Heinrich Kemner wurde auf einem alten Bauernhof im Minden-Ravensberger Land geboren, auf dem er bis zu seinem 20. Lebensjahr arbeitete. Nachdem er die Landwirtschaftsschule und Höhere Lehranstalt für praktische Landwirte in Soest besucht hatte, arbeitete er bis 1929 als Oberinspektor auf dem Rittergut Turow bei Grimmen in Mecklenburg-Vorpommern. Er besuchte die Privatschule Hansa-Gildemeister in Hannover und holte schließlich 1931 in Krems an der Donau das Abitur nach.

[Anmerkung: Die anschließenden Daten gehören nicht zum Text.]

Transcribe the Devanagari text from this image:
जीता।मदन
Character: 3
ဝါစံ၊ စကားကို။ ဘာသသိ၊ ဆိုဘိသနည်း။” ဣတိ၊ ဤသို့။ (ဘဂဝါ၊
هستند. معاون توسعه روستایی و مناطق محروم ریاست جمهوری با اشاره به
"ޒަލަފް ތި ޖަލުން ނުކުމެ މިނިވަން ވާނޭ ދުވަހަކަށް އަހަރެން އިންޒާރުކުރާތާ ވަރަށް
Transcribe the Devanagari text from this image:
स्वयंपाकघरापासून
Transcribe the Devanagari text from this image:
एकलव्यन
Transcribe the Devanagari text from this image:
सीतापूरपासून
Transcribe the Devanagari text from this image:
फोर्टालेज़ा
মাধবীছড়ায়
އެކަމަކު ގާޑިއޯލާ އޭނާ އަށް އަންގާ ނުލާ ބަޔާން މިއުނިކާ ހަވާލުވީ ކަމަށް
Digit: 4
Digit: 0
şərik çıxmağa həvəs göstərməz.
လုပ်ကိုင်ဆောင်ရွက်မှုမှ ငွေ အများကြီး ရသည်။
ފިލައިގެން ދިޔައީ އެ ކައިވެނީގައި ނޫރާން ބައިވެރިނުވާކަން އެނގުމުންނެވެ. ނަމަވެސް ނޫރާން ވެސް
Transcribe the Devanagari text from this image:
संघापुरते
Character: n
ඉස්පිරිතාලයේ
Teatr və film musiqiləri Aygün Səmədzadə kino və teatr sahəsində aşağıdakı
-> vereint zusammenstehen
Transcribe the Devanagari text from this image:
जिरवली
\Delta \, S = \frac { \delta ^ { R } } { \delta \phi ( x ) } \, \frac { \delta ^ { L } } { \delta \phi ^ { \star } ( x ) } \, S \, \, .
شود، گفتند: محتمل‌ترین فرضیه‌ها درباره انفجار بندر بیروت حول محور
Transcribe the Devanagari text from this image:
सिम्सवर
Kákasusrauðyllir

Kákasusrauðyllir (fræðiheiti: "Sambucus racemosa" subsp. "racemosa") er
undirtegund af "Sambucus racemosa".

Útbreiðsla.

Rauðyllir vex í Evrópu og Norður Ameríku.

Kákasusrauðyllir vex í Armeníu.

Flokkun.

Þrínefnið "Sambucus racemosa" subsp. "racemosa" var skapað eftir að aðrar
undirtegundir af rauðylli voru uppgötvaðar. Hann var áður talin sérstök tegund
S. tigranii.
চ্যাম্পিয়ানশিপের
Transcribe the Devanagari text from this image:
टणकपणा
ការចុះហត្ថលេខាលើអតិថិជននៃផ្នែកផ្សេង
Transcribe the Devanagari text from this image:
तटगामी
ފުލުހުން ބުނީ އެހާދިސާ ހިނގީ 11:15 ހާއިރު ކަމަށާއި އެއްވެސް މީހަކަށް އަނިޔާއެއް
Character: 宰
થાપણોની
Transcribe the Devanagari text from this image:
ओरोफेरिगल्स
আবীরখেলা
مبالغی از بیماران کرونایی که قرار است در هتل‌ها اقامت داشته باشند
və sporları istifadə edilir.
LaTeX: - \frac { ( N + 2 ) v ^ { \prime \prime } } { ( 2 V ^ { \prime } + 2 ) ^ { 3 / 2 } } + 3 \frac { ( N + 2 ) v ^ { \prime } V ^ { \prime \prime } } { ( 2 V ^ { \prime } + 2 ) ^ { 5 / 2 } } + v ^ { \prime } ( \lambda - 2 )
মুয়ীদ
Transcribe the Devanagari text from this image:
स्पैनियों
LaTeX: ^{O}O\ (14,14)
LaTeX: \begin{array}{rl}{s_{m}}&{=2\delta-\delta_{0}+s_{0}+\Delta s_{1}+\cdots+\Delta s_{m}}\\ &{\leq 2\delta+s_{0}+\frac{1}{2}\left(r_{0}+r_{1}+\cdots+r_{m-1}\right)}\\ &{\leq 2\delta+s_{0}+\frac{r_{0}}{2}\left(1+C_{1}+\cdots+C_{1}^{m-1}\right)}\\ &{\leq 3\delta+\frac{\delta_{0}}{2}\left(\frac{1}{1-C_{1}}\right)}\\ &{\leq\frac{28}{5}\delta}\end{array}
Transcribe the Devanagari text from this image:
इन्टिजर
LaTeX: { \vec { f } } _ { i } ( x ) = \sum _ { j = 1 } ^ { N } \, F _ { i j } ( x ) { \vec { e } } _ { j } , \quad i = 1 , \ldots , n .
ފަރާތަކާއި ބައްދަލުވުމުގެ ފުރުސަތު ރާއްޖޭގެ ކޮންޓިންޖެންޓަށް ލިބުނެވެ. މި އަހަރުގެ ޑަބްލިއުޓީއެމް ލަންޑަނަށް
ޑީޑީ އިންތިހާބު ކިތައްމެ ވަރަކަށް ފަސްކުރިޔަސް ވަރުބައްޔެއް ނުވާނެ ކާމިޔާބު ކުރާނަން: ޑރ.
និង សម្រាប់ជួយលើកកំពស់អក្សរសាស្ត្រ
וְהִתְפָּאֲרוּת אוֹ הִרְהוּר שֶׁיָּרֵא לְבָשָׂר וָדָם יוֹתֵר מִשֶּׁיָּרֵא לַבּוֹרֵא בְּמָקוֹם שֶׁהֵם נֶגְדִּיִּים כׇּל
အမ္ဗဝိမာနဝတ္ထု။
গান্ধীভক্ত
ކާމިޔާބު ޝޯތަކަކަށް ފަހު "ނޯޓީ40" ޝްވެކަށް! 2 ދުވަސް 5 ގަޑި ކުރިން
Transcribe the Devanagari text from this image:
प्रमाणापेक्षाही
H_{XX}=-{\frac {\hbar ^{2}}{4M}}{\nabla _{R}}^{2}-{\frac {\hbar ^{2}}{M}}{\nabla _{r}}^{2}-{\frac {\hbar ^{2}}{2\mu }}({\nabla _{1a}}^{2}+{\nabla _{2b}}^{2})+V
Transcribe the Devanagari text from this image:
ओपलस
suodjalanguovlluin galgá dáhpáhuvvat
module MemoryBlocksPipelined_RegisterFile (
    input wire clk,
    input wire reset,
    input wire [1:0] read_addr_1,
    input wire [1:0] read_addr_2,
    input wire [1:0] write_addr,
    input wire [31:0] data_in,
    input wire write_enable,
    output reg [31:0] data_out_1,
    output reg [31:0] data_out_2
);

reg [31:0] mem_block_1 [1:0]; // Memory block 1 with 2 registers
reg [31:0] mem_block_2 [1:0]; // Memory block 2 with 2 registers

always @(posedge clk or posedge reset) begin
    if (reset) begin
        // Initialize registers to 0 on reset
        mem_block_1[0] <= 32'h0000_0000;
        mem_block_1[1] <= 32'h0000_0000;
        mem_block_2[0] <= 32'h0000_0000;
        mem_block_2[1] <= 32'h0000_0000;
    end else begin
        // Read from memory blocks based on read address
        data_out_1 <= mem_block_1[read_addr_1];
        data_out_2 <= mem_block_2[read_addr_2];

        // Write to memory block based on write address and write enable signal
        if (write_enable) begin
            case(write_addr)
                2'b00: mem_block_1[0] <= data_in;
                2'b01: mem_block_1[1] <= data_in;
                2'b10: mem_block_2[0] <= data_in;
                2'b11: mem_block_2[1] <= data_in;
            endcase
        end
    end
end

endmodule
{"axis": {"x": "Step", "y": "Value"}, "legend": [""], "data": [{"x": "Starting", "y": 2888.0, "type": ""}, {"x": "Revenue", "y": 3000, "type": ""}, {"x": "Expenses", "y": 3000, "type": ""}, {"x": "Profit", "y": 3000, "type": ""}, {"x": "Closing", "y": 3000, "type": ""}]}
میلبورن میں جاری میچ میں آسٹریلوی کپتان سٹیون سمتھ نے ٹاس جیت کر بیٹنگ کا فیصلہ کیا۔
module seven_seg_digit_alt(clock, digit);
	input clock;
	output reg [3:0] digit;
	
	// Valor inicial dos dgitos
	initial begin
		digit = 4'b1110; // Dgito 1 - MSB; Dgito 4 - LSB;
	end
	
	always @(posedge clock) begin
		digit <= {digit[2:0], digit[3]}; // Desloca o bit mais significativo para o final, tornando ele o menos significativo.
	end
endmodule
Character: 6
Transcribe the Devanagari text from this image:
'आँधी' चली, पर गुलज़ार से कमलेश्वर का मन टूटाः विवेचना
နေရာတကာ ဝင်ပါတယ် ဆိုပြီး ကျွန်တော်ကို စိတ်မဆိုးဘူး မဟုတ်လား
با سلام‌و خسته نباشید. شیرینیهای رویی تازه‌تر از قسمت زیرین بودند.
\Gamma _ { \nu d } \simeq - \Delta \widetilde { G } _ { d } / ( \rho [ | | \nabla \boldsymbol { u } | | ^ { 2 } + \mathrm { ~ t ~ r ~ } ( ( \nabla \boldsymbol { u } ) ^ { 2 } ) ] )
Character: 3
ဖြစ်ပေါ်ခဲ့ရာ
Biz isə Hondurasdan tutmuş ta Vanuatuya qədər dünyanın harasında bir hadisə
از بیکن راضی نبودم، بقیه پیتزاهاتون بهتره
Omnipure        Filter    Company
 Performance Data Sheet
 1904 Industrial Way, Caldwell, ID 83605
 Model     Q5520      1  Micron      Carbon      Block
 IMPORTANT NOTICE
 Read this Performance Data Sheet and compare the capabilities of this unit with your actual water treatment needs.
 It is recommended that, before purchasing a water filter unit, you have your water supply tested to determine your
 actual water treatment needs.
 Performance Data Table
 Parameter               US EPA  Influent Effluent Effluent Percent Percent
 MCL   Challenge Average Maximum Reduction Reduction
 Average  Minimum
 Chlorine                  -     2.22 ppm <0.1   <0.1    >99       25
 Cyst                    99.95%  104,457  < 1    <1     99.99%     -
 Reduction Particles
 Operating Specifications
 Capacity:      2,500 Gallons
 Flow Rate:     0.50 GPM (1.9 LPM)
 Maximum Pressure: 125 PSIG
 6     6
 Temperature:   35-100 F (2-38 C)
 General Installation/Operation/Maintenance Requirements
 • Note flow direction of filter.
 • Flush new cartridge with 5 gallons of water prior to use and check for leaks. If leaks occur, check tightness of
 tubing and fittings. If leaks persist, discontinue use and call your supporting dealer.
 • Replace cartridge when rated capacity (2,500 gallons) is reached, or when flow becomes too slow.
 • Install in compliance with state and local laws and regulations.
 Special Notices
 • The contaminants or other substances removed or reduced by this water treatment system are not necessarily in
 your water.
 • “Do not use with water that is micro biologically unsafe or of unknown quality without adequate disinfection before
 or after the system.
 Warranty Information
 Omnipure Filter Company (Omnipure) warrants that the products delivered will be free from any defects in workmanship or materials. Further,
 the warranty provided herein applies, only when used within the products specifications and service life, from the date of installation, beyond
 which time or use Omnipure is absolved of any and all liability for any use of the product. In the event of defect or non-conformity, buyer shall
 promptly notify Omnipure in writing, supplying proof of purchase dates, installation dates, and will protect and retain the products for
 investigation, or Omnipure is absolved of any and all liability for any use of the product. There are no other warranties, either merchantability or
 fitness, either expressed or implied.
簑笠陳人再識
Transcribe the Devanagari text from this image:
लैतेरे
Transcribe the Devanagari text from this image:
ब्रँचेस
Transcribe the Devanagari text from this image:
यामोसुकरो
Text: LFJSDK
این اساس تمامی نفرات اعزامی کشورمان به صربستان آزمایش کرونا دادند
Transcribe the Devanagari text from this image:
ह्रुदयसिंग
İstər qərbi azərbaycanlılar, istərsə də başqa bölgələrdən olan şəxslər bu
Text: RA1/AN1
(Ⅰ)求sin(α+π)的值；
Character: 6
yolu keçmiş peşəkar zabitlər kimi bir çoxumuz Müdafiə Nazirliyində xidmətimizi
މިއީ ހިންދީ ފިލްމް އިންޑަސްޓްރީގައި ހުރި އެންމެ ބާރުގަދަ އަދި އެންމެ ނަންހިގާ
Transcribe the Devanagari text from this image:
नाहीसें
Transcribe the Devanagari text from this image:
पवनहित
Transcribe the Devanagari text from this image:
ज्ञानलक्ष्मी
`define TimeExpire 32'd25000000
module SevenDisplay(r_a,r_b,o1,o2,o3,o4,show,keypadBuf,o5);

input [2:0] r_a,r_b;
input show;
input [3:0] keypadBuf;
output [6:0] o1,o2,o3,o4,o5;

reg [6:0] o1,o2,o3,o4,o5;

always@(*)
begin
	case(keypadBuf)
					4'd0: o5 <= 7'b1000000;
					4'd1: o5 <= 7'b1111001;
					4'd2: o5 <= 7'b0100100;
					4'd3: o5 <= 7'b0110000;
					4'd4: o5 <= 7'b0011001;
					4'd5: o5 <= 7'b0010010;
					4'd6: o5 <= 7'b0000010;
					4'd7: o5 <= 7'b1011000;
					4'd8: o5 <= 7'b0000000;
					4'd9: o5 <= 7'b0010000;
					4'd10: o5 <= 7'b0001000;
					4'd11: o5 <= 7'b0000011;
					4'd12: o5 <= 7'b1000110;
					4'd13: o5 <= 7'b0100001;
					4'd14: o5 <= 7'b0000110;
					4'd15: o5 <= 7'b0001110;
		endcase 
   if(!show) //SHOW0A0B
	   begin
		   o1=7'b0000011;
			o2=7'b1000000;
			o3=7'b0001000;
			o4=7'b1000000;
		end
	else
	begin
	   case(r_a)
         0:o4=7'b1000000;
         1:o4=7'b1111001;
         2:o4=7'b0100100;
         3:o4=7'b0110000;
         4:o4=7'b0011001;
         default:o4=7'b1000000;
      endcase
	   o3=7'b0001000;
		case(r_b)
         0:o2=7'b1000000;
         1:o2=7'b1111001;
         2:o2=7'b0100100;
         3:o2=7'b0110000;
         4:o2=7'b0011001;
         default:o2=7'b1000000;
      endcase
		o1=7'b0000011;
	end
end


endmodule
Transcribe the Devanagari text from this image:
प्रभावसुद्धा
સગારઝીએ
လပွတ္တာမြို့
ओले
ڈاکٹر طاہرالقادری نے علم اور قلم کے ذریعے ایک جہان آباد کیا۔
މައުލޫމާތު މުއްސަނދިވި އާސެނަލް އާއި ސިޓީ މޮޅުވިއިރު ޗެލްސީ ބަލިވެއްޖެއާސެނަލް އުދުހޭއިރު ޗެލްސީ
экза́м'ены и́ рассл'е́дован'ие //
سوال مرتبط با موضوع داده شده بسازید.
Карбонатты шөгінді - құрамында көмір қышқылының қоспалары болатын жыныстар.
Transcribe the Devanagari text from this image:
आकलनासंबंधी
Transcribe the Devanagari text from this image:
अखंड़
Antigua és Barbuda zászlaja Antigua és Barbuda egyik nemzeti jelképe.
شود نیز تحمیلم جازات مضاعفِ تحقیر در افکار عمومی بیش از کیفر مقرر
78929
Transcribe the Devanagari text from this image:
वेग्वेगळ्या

Kemner studierte anschließend Theologie in Wien, Münster und Bonn. Nachdem er 1934 wegen Widerstandes gegen die deutschchristliche Ausrichtung aus dem Predigerseminar Soest entlassen worden war, wurde er von der Bekennenden Kirche übernommen. Nach verschiedenen Vikariatsstellen unter anderem in Witten und einer Tätigkeit als Pressereferent für die Gossner Mission Berlin wurde er Hilfsgeistlicher an der Stadtkirche Detmold, in Dielingen und schließlich in Dortmund-Schüren. Da er aus Gewissensgründen nicht in der Westfälischen Landeskirche bleiben konnte, wechselte Kemner nach seiner Ordination in die Hannoversche Landeskirche, wo er 1937 Pfarrer von Ahlden bei Walsrode wurde.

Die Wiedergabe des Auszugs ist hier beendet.